• TRY IT
Drop the pictures and repeat the remaining data exactly.

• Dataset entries

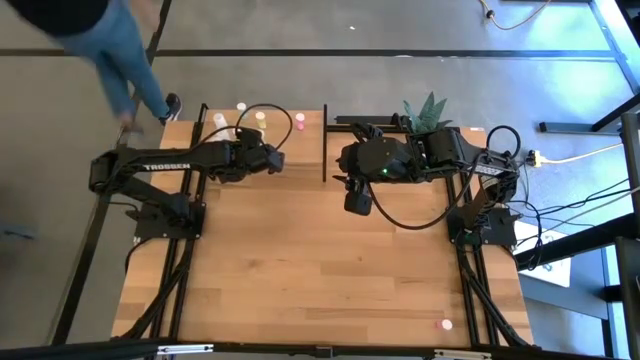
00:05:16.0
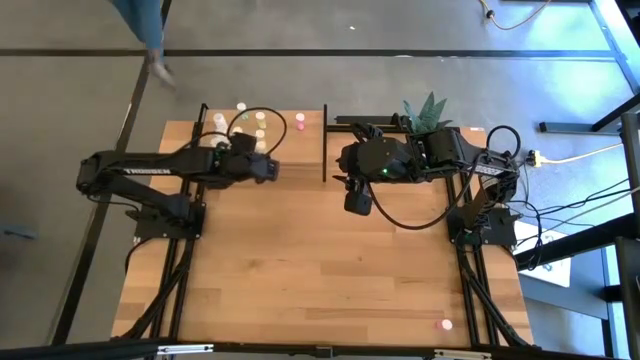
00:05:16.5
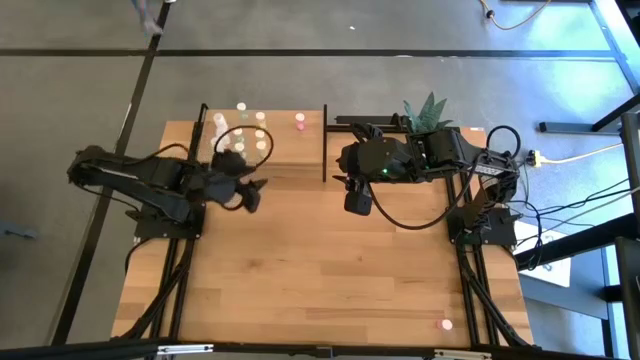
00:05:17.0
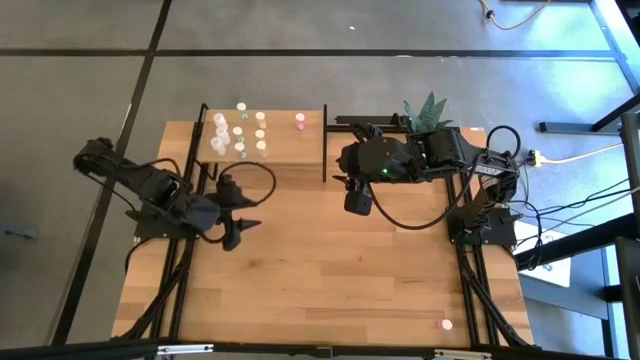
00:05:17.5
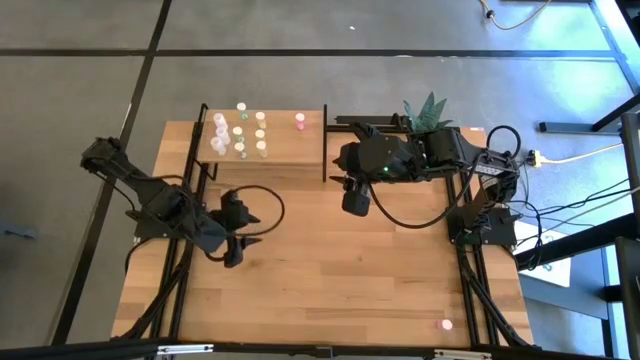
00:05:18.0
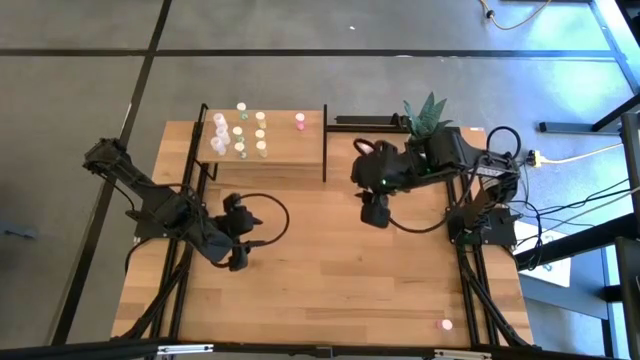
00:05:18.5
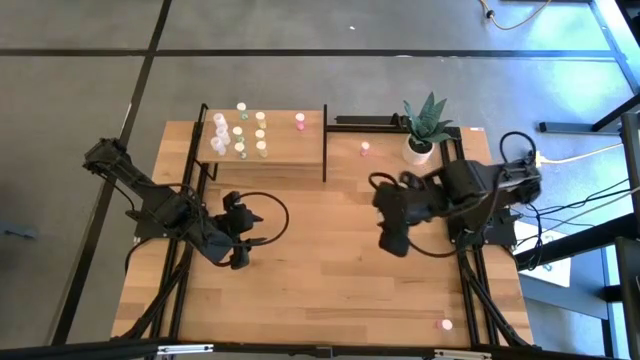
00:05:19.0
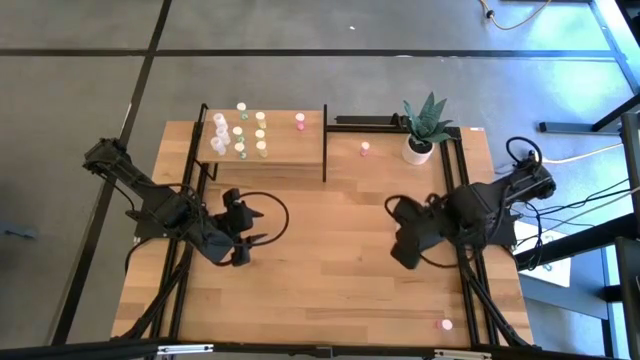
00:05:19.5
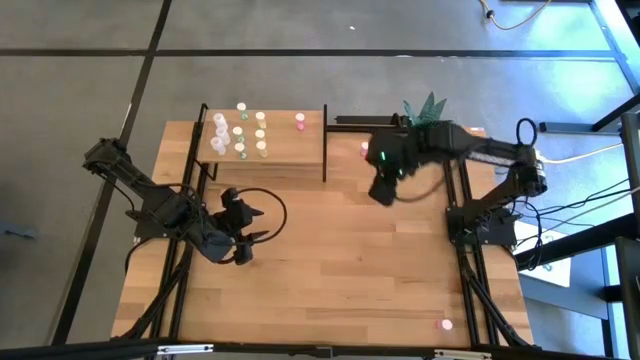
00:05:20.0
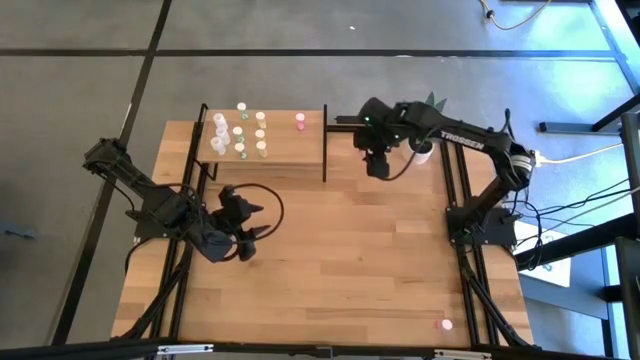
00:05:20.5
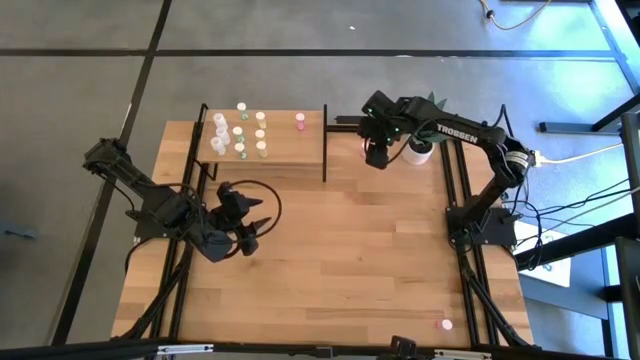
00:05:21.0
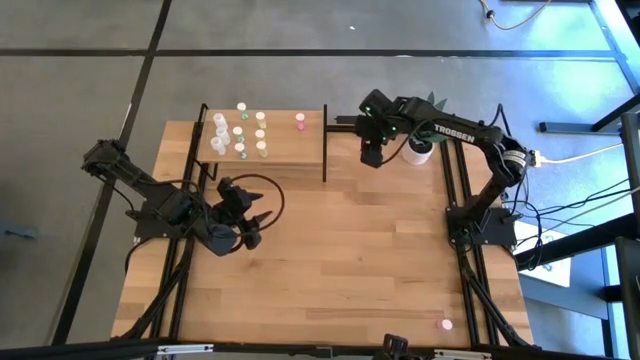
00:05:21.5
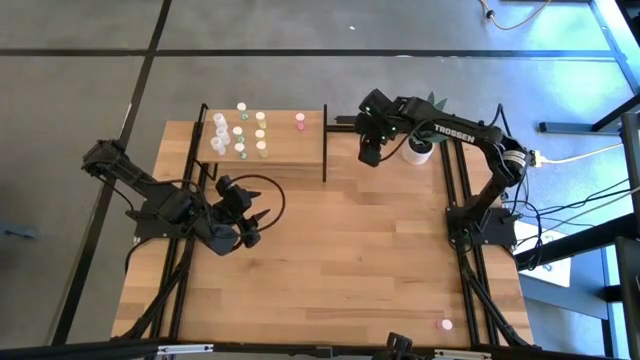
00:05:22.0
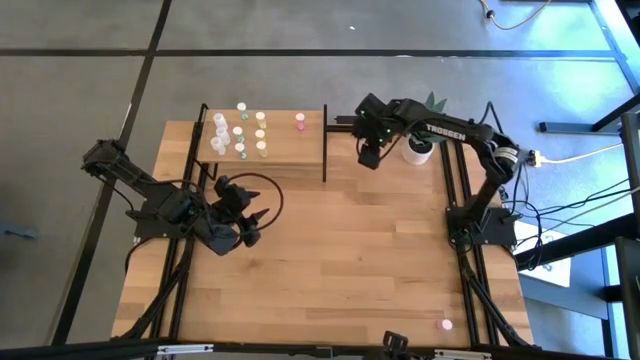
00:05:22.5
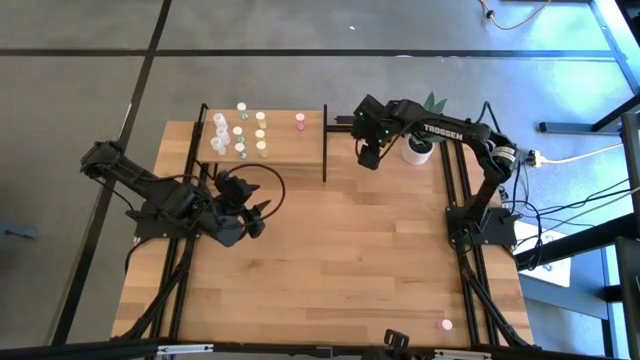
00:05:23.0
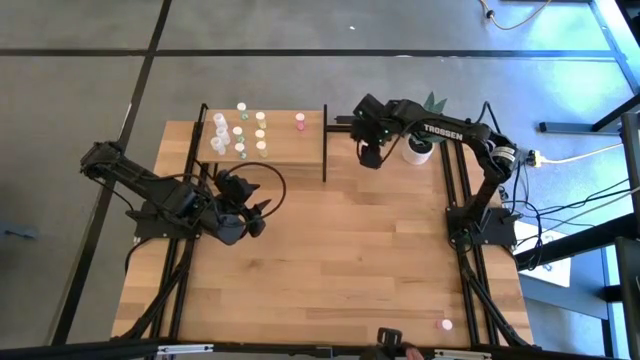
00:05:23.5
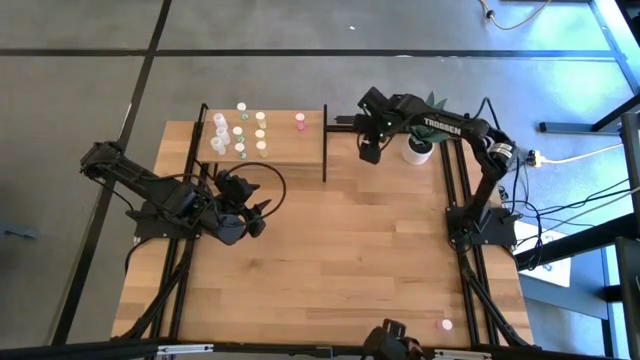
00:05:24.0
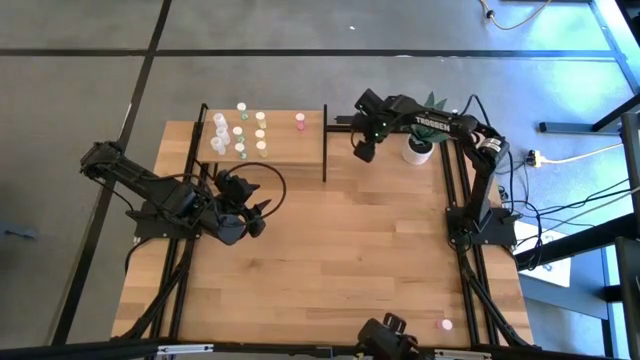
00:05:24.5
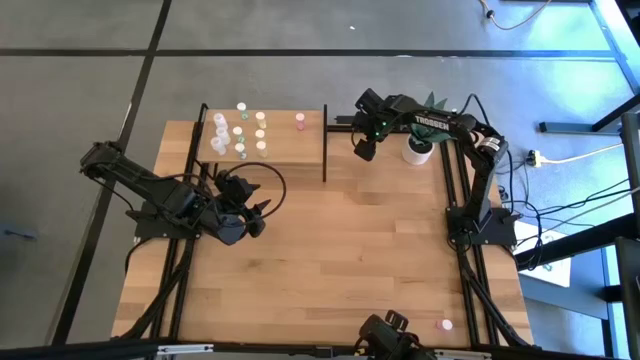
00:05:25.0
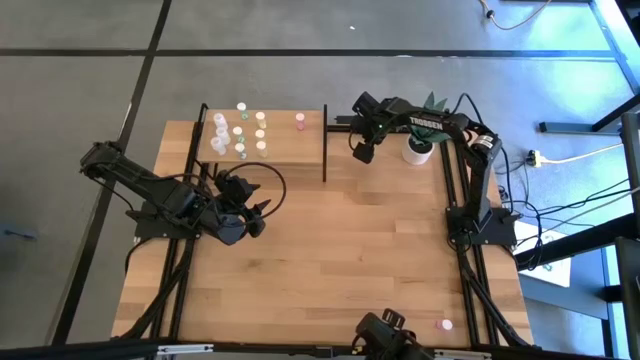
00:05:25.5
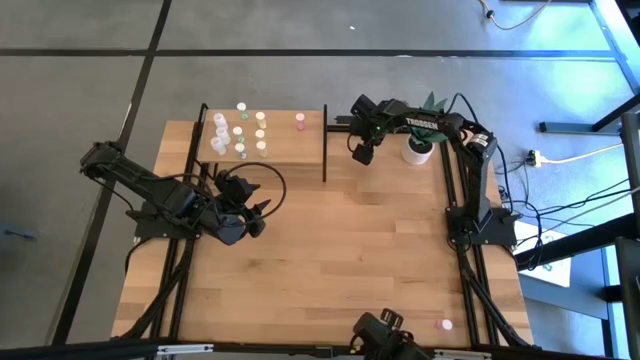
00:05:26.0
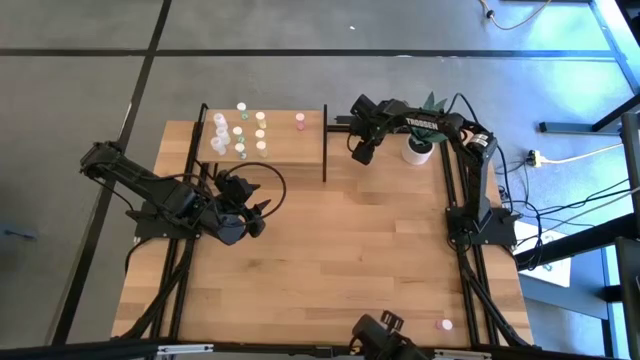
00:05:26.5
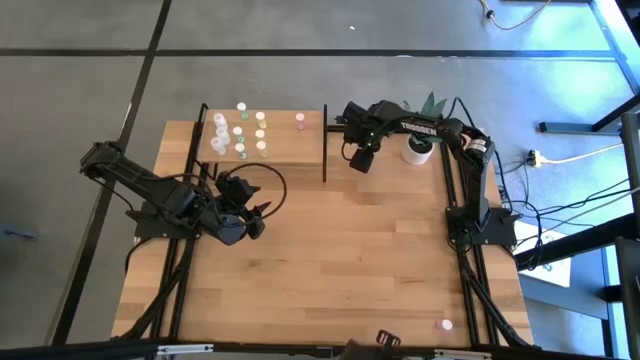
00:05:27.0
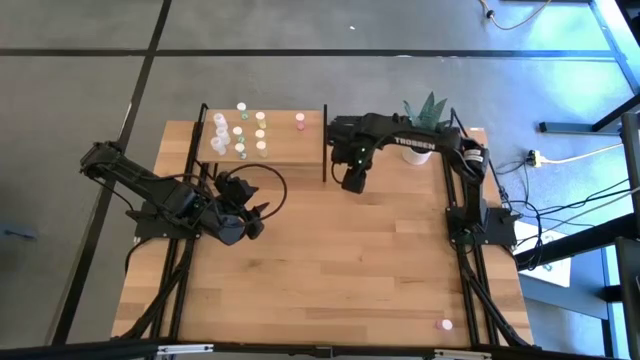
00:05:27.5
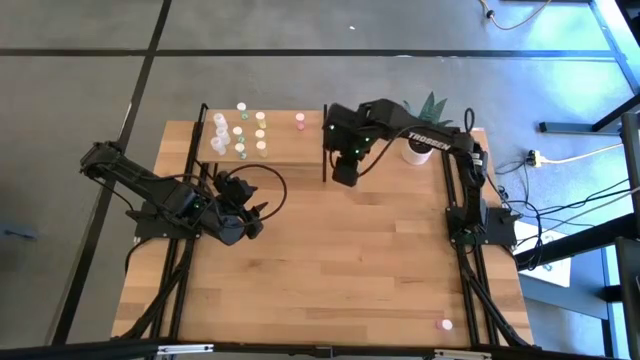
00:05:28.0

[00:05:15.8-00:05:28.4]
Task: Pick and place medicine bottles onto shelf by color
Put the top pink pill bottle aligned with the other pink pill bottle on the shelf

• SOLUTION FOR THIS TASK
00:05:16.0
00:05:16.5
00:05:17.0
00:05:17.5
00:05:18.0
00:05:18.5
00:05:19.0
00:05:19.5
00:05:20.0
00:05:20.5
00:05:21.0
00:05:21.5
00:05:22.0
00:05:22.5
00:05:23.0
00:05:23.5
00:05:24.0
00:05:24.5
00:05:25.0
00:05:25.5
00:05:26.0
00:05:26.5
00:05:27.0
00:05:27.5
00:05:28.0

[00:05:15.8-00:05:28.4]
Task: Pick and place medicine bottles onto shelf by color
Put the top pink pill bottle aligned with the other pink pill bottle on the shelf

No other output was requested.